Beneath him he could feel her vibrating like a taut wire, and he remembered a leveret he had found when he was a boy, lying still as death in its form in a wheat field. It had stared at him with the huge, mad eyes that hares had, but it hadn’t moved. Only when he’d lain his hand on it he’d been able to feel its heart pounding, feel the shivering vibration that racked it.
He had snatched his hand away, backed into the wheat until he had no longer been able to see it. But he could not stop touching Ellie, and before much longer he was not going to be able to support himself away from her body either.
‘Blake?’ The voice in his ear was puzzled. ‘What the hell happened?’
‘Jon!’ The relief that he was well enough to speak was almost physical. ‘We went over the bank. Polly scrambled out and I heard her speaking to someone, but that was perhaps half an hour ago. Eleanor is trapped beneath me and I can’t move.’
‘Not surprising with me on top. Hold on. The damn writing case has landed on my gut. Sorry—this is taking an age. I’ve been out of it for a bit—must have banged my head.’
There was a heave, a loud and violent curse, and then most of the weight shifted off Blake’s back.
‘I’ve broken my confounded arm. If I can just—Sorry.’ His booted foot ground into Blake’s cheek. ‘Damn difficult with one hand. There—the door’s open.’
More scrabbling, more curses and then light flooded in.
‘Right, can you get out now?’
Warily Blake felt around, got a handhold and levered himself up and away from Ellie. The coach was on its side and she was against the window which, thankfully, had been open, so the glass had not broken.

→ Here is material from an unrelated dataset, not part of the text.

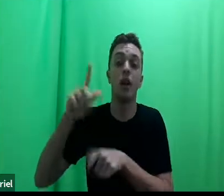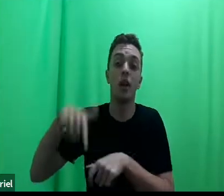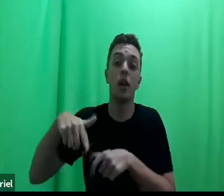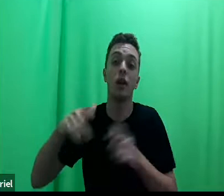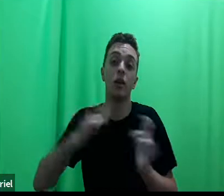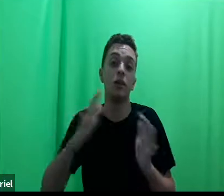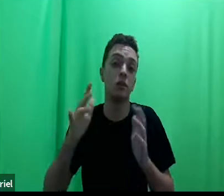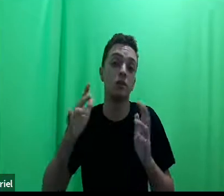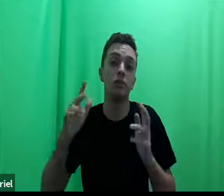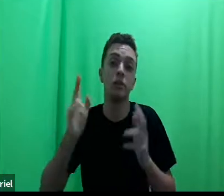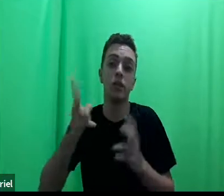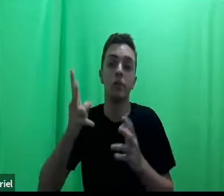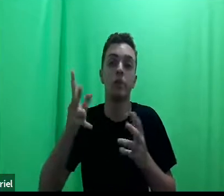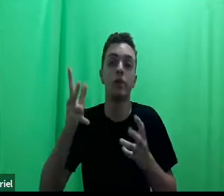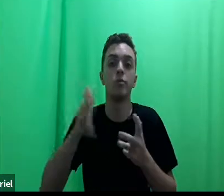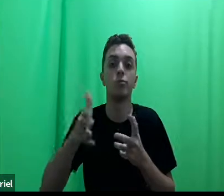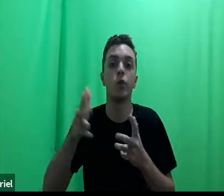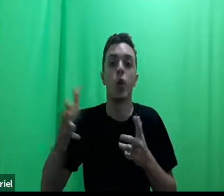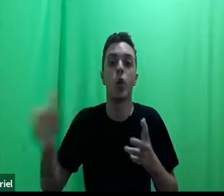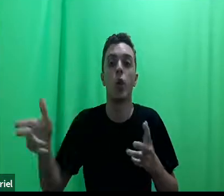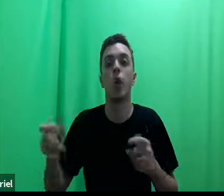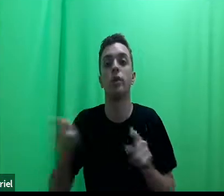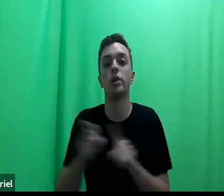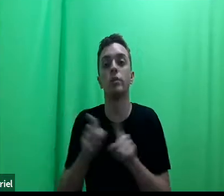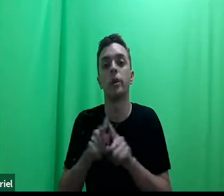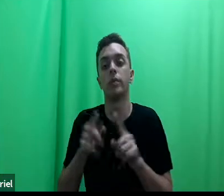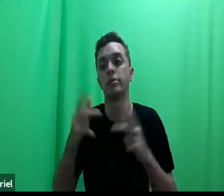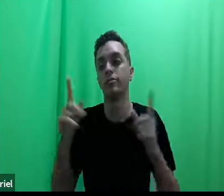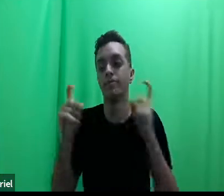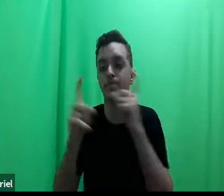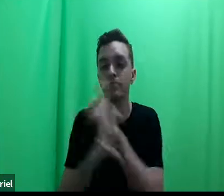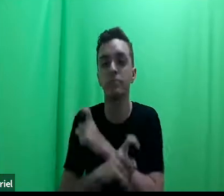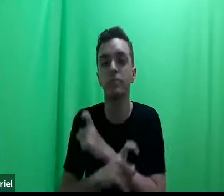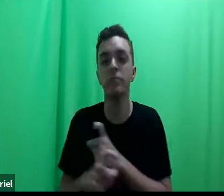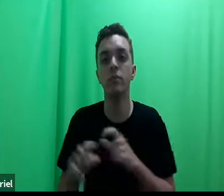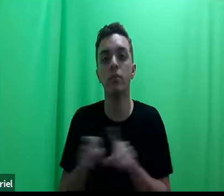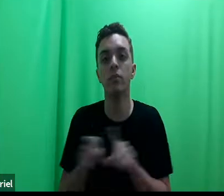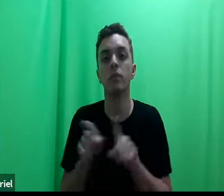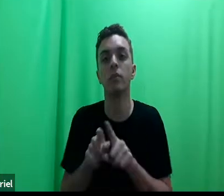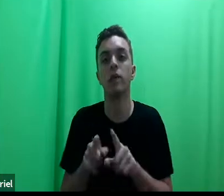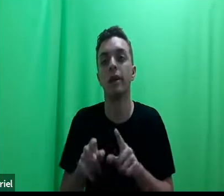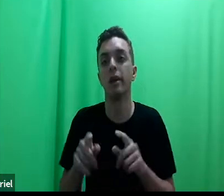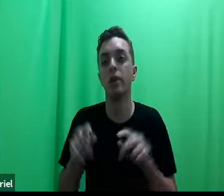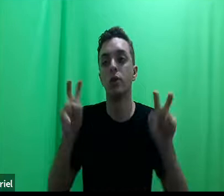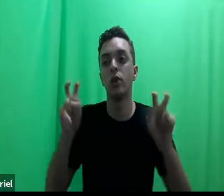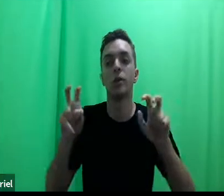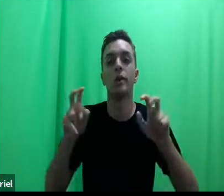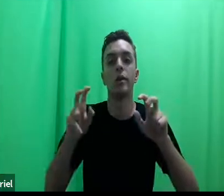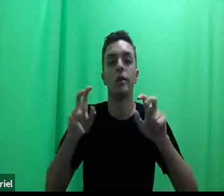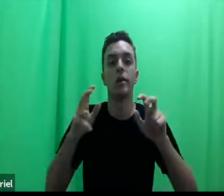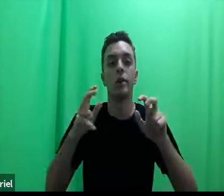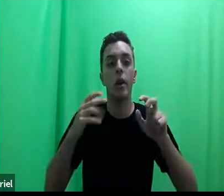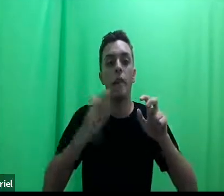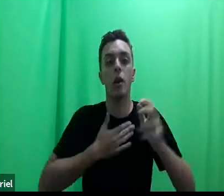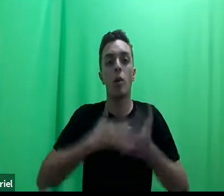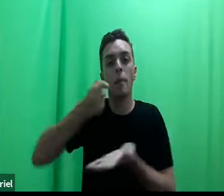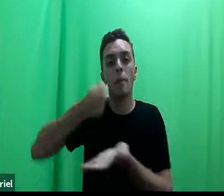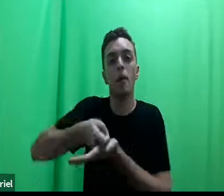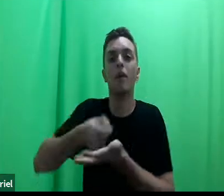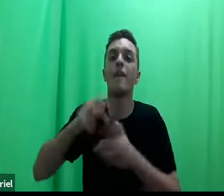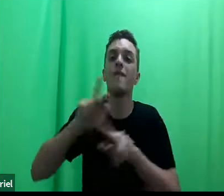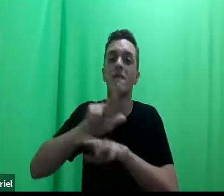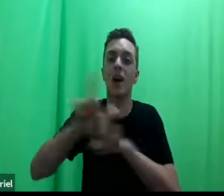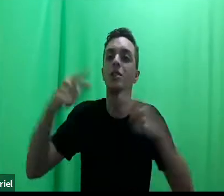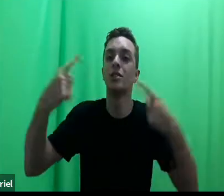desfinanciamento, sucateamento e também de patrulha ideológica. Então, são muitos desafios ao mesmo

He got one arm through the open door above him, heaved and was out. Jon looked appalling, his face pale under a mass of blood from the cut to his head and his left hand supporting his right arm, but he seemed alert and otherwise uninjured. Blake pulled him close, looked at his eyes. The pupils were normal, thank God.

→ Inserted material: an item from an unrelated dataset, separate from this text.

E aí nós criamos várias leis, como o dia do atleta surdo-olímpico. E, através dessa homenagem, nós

‘Are you hurt, Blake?’ Jonathan was looking him over with as much concern.
‘No, just bruises and scrapes. I’ve had a lot worse in Gentleman Jackson’s after a round of sparring. I just hope and pray Eleanor is all right.’ There was total silence from inside the coach. He climbed up and leaned in. ‘Eleanor?’

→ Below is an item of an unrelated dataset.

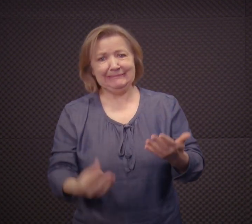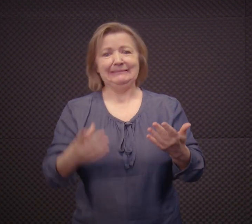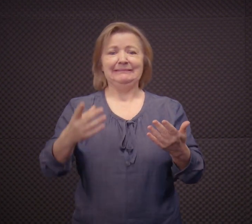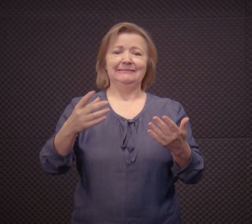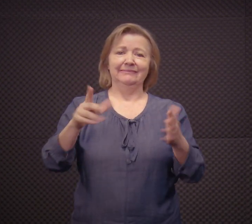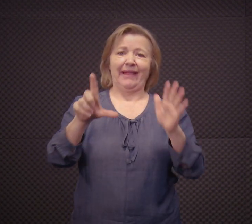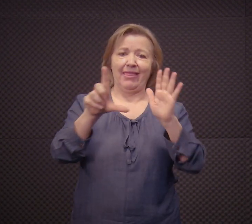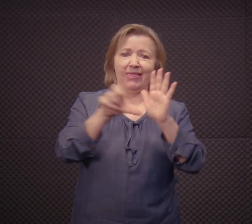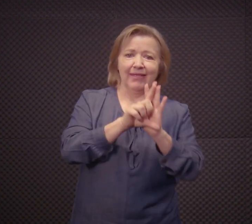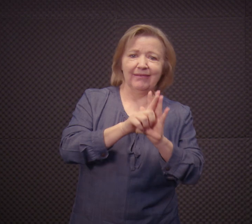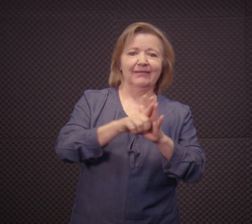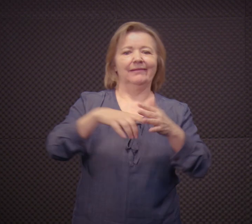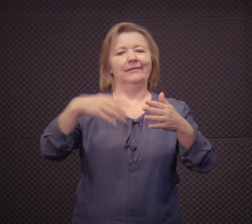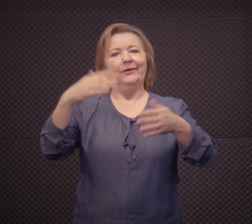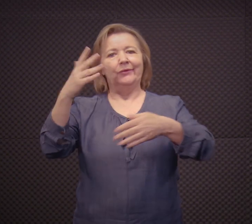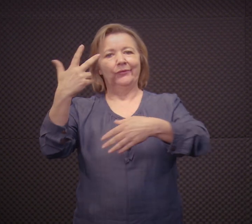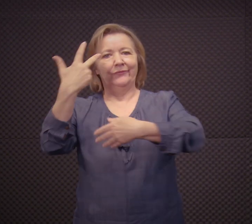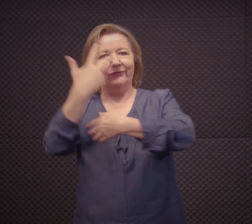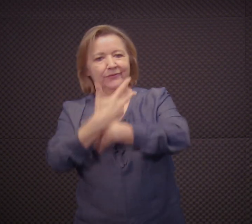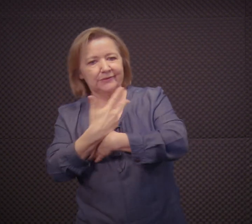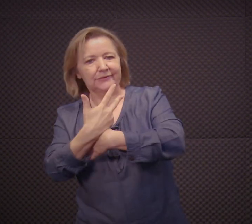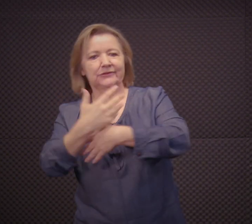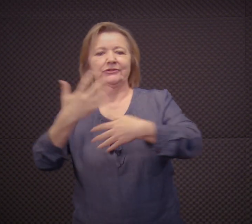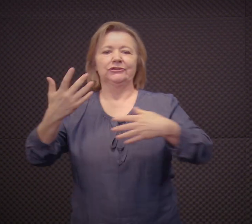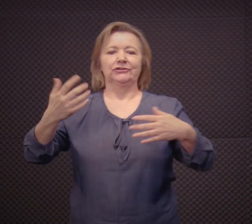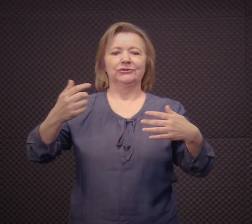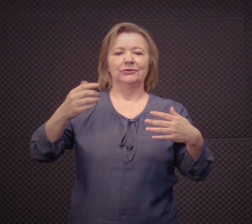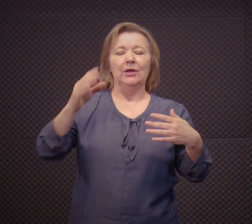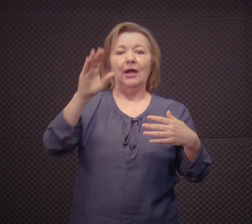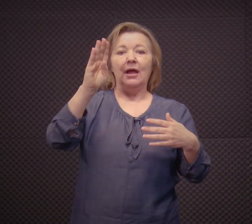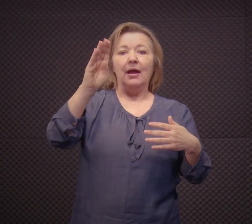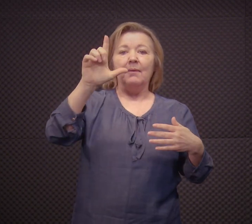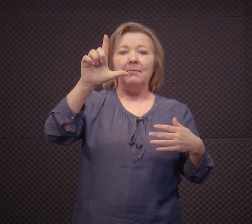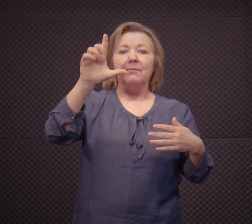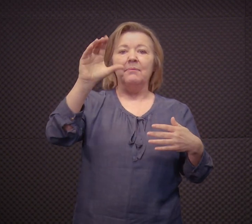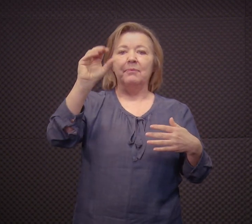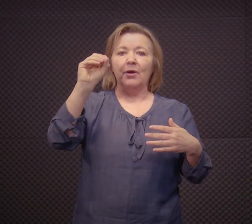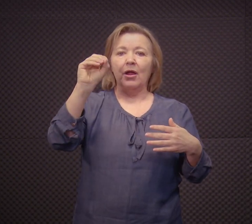língua. Nós temos, então, a lei, os vídeos,

She lay where he had left her, on her back, her eyes wide, her freckles standing out against her dead white face. ‘Yes. I think so.’
Her voice was a mere whisper.
‘Move your arms and legs,’ he ordered, suddenly convinced that he must have broken her spine, crushing her like that. And what had it done to her crippled leg?
Obediently she moved her hands and feet, then sat up. ‘Nothing is broken.’
‘Then take my hands.’ He lay down flat and reached in. ‘Try and stand as I pull.’ Behind him he could hear horses, raised voices. ‘Help is here.’
There was the merest hesitation before she reached up. He took her wrists and pulled, his bruised body screaming in protest, and she came up, using her legs without any sign of pain, out of the door until she could slide onto solid ground.
Blake got to her just as she folded neatly and quietly into a dead faint.
* * *
She hurt all over. That was the first thing she was conscious of. Then it all came back—even before she opened her eyes. The terrifying lurch and slide, the impact, the falling bodies and the blow to the head that had stunned her. And then coming back to herself in the gloom to find a man’s body plastered to hers—intimately, heavily, his hands on her shoulders, his face against her cheek, his breath hot on her face, his...maleness all too evident.
Ellie’s eyes flew open. It was daylight. Above her was a ceiling, beneath her a comfortable bed. And someone was in the room with her. She sat up too fast, and almost whimpered at the pain from her bruises. Blake was sitting on a chair in the far corner of the room.